Yoga and Home economics courses should entitle real IRA leader to early release, court told
A dissident republican leader sentenced to 20 years imprisonment for directing terrorism has moved to appeal a High Court judgment refusing him early release.
Michael McKevitt (66), of Beech Park, Blackrock, Co Louth was jailed by the non-jury Special Criminal Court for 20 years in 2003, backdated to 2001, for directing terrorism and for membership of an illegal organisation styling itself as the Real IRA.
With the normal one-quarter remission generally afforded to prisoners, McKevitt is due for release from Portlaoise Prison in July 2016.
McKevitt had applied for a further 8% off his sentence arguing that his participation in structured prison activities, such as art, drama, French, home economics and yoga classes, meant he was entitled to one-third remission rather than the one-quarter generally afforded to prisoners.
The High Court ruled last year that the Minister for Justice was entitled to refuse McKevitt's application for one-third remission and he sought to appeal that decision today in the Court of Appeal.
Counsel for McKevitt, Michael O'Higgins SC, submitted that two High Court judgments had formed an absolutist view – that if you do the work in prison you qualify for one-third remission – but four subsequent judgments had held that view to be inappropriate.
It had been “two - nil” in favour of the away team, Mr O'Higgins said, but it now stood at “4-2 and we're here for the second leg so to speak”.
Mr O'Higgins said the appeal was a matter of interpretation of the rules.
Because the scheme was constructed the way it was constructed, he said, the Minister was left with an extremely narrow ambit of consideration.
Mr O'Higgins said the meaning was very plain. The Minister's function was to decide whether the course or courses were authorised structured activities and whether good conduct was shown in doing them.

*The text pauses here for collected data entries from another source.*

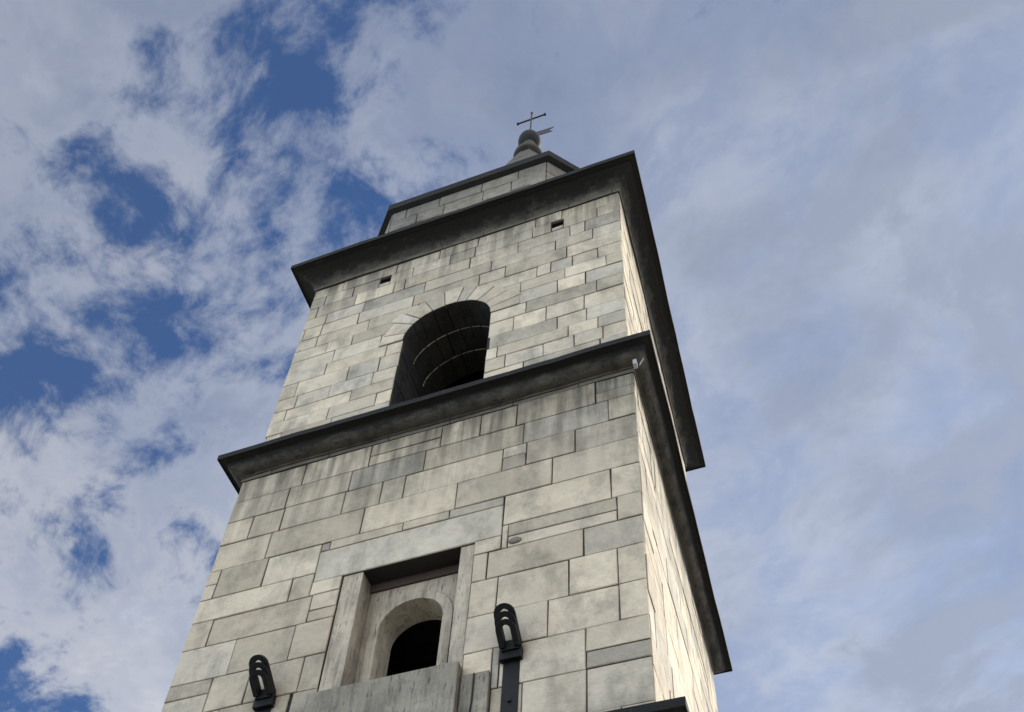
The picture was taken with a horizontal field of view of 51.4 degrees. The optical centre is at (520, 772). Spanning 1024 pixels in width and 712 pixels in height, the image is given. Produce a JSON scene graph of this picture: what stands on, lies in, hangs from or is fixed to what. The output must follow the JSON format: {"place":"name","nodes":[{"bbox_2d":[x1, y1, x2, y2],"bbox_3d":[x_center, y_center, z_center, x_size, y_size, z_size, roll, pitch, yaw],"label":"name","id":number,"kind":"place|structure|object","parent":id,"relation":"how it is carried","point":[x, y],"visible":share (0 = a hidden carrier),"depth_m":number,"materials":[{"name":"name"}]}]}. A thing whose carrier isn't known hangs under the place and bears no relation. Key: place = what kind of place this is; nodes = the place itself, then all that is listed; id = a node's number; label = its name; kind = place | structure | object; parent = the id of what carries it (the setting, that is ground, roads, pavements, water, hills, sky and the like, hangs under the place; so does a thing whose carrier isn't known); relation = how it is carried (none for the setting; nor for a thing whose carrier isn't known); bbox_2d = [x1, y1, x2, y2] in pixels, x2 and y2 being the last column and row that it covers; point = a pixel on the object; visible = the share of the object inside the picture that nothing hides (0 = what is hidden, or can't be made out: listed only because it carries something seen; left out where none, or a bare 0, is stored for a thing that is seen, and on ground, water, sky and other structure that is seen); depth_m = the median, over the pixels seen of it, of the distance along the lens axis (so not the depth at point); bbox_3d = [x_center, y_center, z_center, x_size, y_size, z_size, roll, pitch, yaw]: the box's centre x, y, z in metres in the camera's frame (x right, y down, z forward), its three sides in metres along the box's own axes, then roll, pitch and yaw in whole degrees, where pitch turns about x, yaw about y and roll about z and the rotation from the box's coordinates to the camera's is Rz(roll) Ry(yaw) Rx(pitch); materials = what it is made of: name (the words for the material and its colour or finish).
{"place":"outdoors","nodes":[
{"label":"outdoors","id":0,"kind":"place"},
{"bbox_2d":[303,661,462,711],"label":"parapet","id":1,"kind":"structure","parent":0,"point":[436,688],"depth_m":11.49,"materials":[{"name":"grey stone"}]},
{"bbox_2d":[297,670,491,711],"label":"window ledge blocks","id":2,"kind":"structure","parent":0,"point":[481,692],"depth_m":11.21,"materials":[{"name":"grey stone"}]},
{"bbox_2d":[353,573,457,683],"bbox_3d":[-1.270,-1.365,12.740,1.316,2.400,0.360,-11,-42,15],"label":"window panel","id":3,"kind":"structure","parent":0,"point":[397,622],"depth_m":13.24,"materials":[{"name":"grey stone"}]},
{"bbox_2d":[359,591,452,681],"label":"arch trim","id":4,"kind":"structure","parent":3,"relation":"attached to","point":[443,601],"depth_m":12.83,"materials":[{"name":"grey stone"}]},
{"bbox_2d":[378,151,579,235],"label":"cornice","id":5,"kind":"structure","parent":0,"point":[557,161],"depth_m":20.95,"materials":[{"name":"grey stone"}]},
{"bbox_2d":[506,148,536,164],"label":"spire","id":6,"kind":"structure","parent":5,"relation":"on","point":[524,154],"depth_m":28.03,"materials":[{"name":"stone"}]},
{"bbox_2d":[513,139,541,157],"bbox_3d":[0.233,-17.158,29.497,0.840,1.080,0.840,-11,-42,15],"label":"finial pedestal","id":7,"kind":"object","parent":6,"relation":"on","point":[530,144],"visible":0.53,"depth_m":28.93,"materials":[{"name":"stone"}]},
{"bbox_2d":[518,129,540,147],"bbox_3d":[0.261,-17.756,30.012,0.650,0.676,0.650,-11,-42,15],"label":"ball finial","id":8,"kind":"object","parent":7,"relation":"on","point":[530,134],"visible":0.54,"depth_m":29.75,"materials":[{"name":"grey metal"}]},
{"bbox_2d":[517,111,545,129],"bbox_3d":[0.308,-18.769,30.884,0.900,2.125,0.060,-11,-42,15],"label":"cross","id":9,"kind":"object","parent":8,"relation":"on","point":[531,118],"visible":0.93,"depth_m":31.20,"materials":[{"name":"metal"}]},
{"bbox_2d":[537,127,552,134],"bbox_3d":[0.603,-18.188,30.242,0.755,0.395,0.070,-11,-42,15],"label":"wind vane","id":10,"kind":"object","parent":9,"relation":"attached to","point":[545,131],"visible":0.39,"depth_m":30.20,"materials":[{"name":"metal"}]},
{"bbox_2d":[290,150,705,471],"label":"cornice","id":11,"kind":"structure","parent":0,"point":[620,175],"depth_m":19.64,"materials":[{"name":"grey stone"}]},
{"bbox_2d":[388,163,546,231],"bbox_3d":[-0.154,-8.932,22.419,5.800,1.997,5.800,-11,-42,15],"label":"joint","id":12,"kind":"object","parent":11,"relation":"on","point":[483,194],"visible":0.08,"depth_m":20.58,"materials":[{"name":"stone"}]},
{"bbox_2d":[385,215,392,233],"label":"wall","id":13,"kind":"structure","parent":12,"relation":"attached to","point":[387,229],"depth_m":21.25,"materials":[{"name":"stone"}]},
{"bbox_2d":[388,162,545,232],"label":"wall","id":14,"kind":"structure","parent":12,"relation":"attached to","point":[489,190],"depth_m":20.68,"materials":[{"name":"stone"}]},
{"bbox_2d":[546,162,565,179],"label":"wall","id":15,"kind":"structure","parent":12,"relation":"attached to","point":[553,171],"depth_m":20.44,"materials":[{"name":"stone"}]},
{"bbox_2d":[0,0,1023,711],"label":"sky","id":16,"kind":"structure","parent":0,"point":[834,189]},
{"label":"ground","id":17,"kind":"structure","parent":0,"visible":0},
{"bbox_2d":[206,384,641,711],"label":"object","id":18,"kind":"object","parent":17,"relation":"on","point":[414,647],"visible":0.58,"depth_m":13.93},
{"bbox_2d":[249,654,275,711],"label":"iron bracket","id":19,"kind":"object","parent":18,"relation":"attached to","point":[265,699],"visible":1,"depth_m":12.28,"materials":[{"name":"metal"}]},
{"bbox_2d":[318,544,474,690],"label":"window jambs","id":20,"kind":"structure","parent":18,"relation":"attached to","point":[341,660],"depth_m":12.69,"materials":[{"name":"grey stone"}]},
{"bbox_2d":[370,564,458,593],"bbox_3d":[-1.229,-2.336,13.560,1.312,0.144,0.385,-11,-42,15],"label":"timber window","id":21,"kind":"structure","parent":20,"relation":"on","point":[416,578],"depth_m":13.43,"materials":[{"name":"wood"}]},
{"bbox_2d":[469,673,474,711],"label":"joint","id":22,"kind":"object","parent":20,"relation":"attached to","point":[472,692],"visible":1,"depth_m":11.19,"materials":[{"name":"metal"}]},
{"bbox_2d":[217,330,732,674],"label":"cornice","id":23,"kind":"structure","parent":18,"relation":"on","point":[604,361],"depth_m":15.38,"materials":[{"name":"grey stone"}]},
{"bbox_2d":[265,212,606,441],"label":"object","id":24,"kind":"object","parent":23,"relation":"on","point":[473,376],"visible":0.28,"depth_m":19.52,"materials":[{"name":"grey stone"}]},
{"bbox_2d":[389,342,426,405],"bbox_3d":[-1.788,-5.803,17.236,0.051,2.444,1.247,-11,-42,15],"label":"reveal","id":25,"kind":"object","parent":24,"relation":"attached to","point":[408,384],"visible":0.31,"depth_m":17.37,"materials":[{"name":"stone"}]},
{"bbox_2d":[265,193,626,440],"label":"wall","id":26,"kind":"structure","parent":24,"relation":"attached to","point":[349,380],"depth_m":17.63,"materials":[{"name":"stone"}]},
{"bbox_2d":[379,286,520,394],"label":"arch voussoirs","id":27,"kind":"object","parent":24,"relation":"on","point":[446,345],"visible":0.65,"depth_m":18.09,"materials":[{"name":"stone"}]},
{"bbox_2d":[633,358,643,368],"bbox_3d":[1.591,-5.495,14.271,0.165,0.122,0.086,-17,-44,21],"label":"security camera","id":28,"kind":"object","parent":23,"relation":"attached to","point":[635,364],"visible":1,"depth_m":14.26,"materials":[{"name":"grey plastic"}]},
{"bbox_2d":[618,194,686,480],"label":"wall","id":29,"kind":"structure","parent":23,"relation":"on","point":[637,318],"depth_m":18.19,"materials":[{"name":"stone"}]},
{"bbox_2d":[494,603,522,711],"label":"iron bracket","id":30,"kind":"object","parent":18,"relation":"attached to","point":[510,654],"visible":1,"depth_m":11.39,"materials":[{"name":"metal"}]},
{"bbox_2d":[606,696,689,711],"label":"cornice","id":31,"kind":"structure","parent":18,"relation":"attached to","point":[679,704],"depth_m":9.82,"materials":[{"name":"grey stone"}]},
{"bbox_2d":[633,374,717,711],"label":"wall","id":32,"kind":"structure","parent":18,"relation":"attached to","point":[681,665],"depth_m":13.95,"materials":[{"name":"stone"}]},
{"bbox_3d":[-1.718,3.561,7.979,6.035,8.100,0.060,-11,-42,15],"label":"ashlar base","id":33,"kind":"object","parent":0,"visible":0},
{"bbox_2d":[161,373,654,711],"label":"wall","id":34,"kind":"structure","parent":33,"relation":"on","point":[466,480],"depth_m":13.35,"materials":[{"name":"stone"}]},
{"bbox_2d":[509,537,521,543],"bbox_3d":[-0.062,-2.794,12.824,0.170,0.110,0.060,-11,-42,15],"label":"wall lamp","id":35,"kind":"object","parent":34,"relation":"attached to","point":[513,540],"depth_m":12.79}
]}

If it was established that a prisoner had shown good conduct and the Minister was satisfied that he was less likely to reoffend as a result of engaging in authorised structured activities then any refusal by the Minister would “not only be amenable to Judicial Review but would be reviewed,” Mr O'Higgins submitted.
When asked what circumstances could cause the Minister to refuse an application for one-third remission, Mr O'Higgins said an intention not to reintegrate into society or an intention to reoffend.
That was all the Minister could consider prior to August 14 last when an “a lá carte” list of criteria was introduced for the Minister to consider in making her decision, Mr O'Higgins said.
It was indicative, he said, that the Oireachtas had decided to amend the scheme and it was a matter which has yet to be tested in a court.
The idea that anybody involved in removing a persons liberty has the opportunity to set out the criteria upon which they can make their decision, was harmful to a person's Constitutional rights, he said. “That simply could not be,” Mr O'Higgins said.
Counsel for the Minister for Justice, Diarmaid McGuinness SC, said there was a “major error” in McKevitt's assumption which was “regrettably reflected in two erroneous” High Court decisions.
It was an error, Mr McGuinness said, to hold that the Minister was “constrained” in only having to consider whether the prisoner had successfully completed authorised structured activities.
Mr McGuinness said McKevitt had positioned himself as spokesman for the republican prisoners in Portlaoise, he had continued to associate with republican prisoners and had described himself as a “political hostage”.
It was not as if McKevitt had come before the Minister as a “man without qualities”. In order for the Minister to be satisfied of a prisoner's qualification for enhanced remission, Mr McGuinness said nothing of relevance could be excluded.
On Mr O'Higgins' interpretation of the rules, Mr McGuinness said the Minister could only enquire if the prisoner had completed a course.
Reserving judgment, President of the Court of Appeal Mr Justice Seán Ryan, who sat with Ms Justice Mary Irvine and Mr Justice John Edwards, said the court would give its decision as soon as possible.